Alternative Ways to Do It:
Continuous Improvement Board (Always-On): Create a physical or digital board where anyone can add pain points
anytime. Weekly, teams vote on top issues to tackle in their upcoming sprint. Dedicate 10-20% of each sprint to
addressing highest-voted items. This makes improvement continuous rather than event-based, ensures regular progress
on technical debt, gives everyone ongoing voice in priorities, and prevents problems from accumulating until a
special event.
Bug Squad Rotation (Dedicated Team): Form a rotating squad (1-2 people per team) that spends one sprint focused
entirely on bugs and technical debt, then rotates to next group. This ensures consistent attention to quality,
spreads the “cleanup work” fairly, allows focused deep dives into problem areas, and prevents the “we’ll fix it
later” mentality. Squad members become experts in specific system areas and can mentor others.
3.5. Customer Journey Mapping / Empathy Sessions
Description: Mixed teams map out user journeys, identify friction points, and brainstorm improvements.
Detail: Customer Journey Mapping sessions bring together cross-functional teams (developers, QA, PO, design,
support, sales) to deeply understand the user experience from the customer’s perspective. Unlike Innovation Week’s
emphasis on building, these sessions focus on understanding before building.

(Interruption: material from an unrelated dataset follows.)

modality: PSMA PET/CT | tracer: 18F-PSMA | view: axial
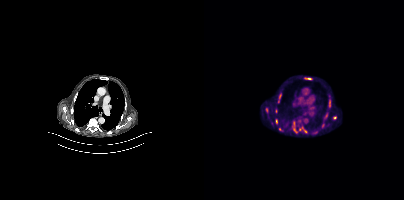
Coordinates are on the 200×200 PET (right) panel. (showing 9 of 11 foci) PSMA-avid tumor lesion bounding boxes (x, y, width, height): x=89 y=121 w=3 h=8 / x=71 y=119 w=3 h=5 / x=61 y=108 w=4 h=5 / x=74 y=98 w=2 h=5. Small PSMA-avid foci (2 to 4 px across) near (center x, center y): (130, 117) / (72, 110) / (76, 93) / (122, 115) / (101, 131).

The typical format involves mapping out a complete user journey—for example, “A new customer trying to make their first
purchase” or “An existing user trying to resolve a support issue.” Teams walk through every step: What does the user
see? What are they trying to accomplish? Where do they get confused or frustrated? What happens behind the scenes? What
could go wrong?
This exercise often reveals surprising insights. Developers might discover that a feature they built isn’t being used as
intended. Support team members can explain recurring pain points that never made it into tickets. Sales can share why
prospects drop off at certain stages. The collaborative nature breaks down silos by creating shared understanding.
The output isn’t code—it’s empathy, insights, and a prioritized list of improvements. Sessions often lead to follow-up
work: fixing confusing UI flows, improving error messages, automating manual processes, or reconsidering feature
priorities. The value comes from aligning the entire team around user needs rather than technical features.
This differs from Innovation Week in that it’s more strategic and research-focused rather than execution-focused. It’s
about deciding what to build/fix rather than building it, though teams may create quick prototypes to test ideas that
emerge.
Pros:
- Deepens understanding of user needs.
- Encourages holistic thinking.
- Can inspire impactful changes.
- Aligns team around user value rather than technical tasks.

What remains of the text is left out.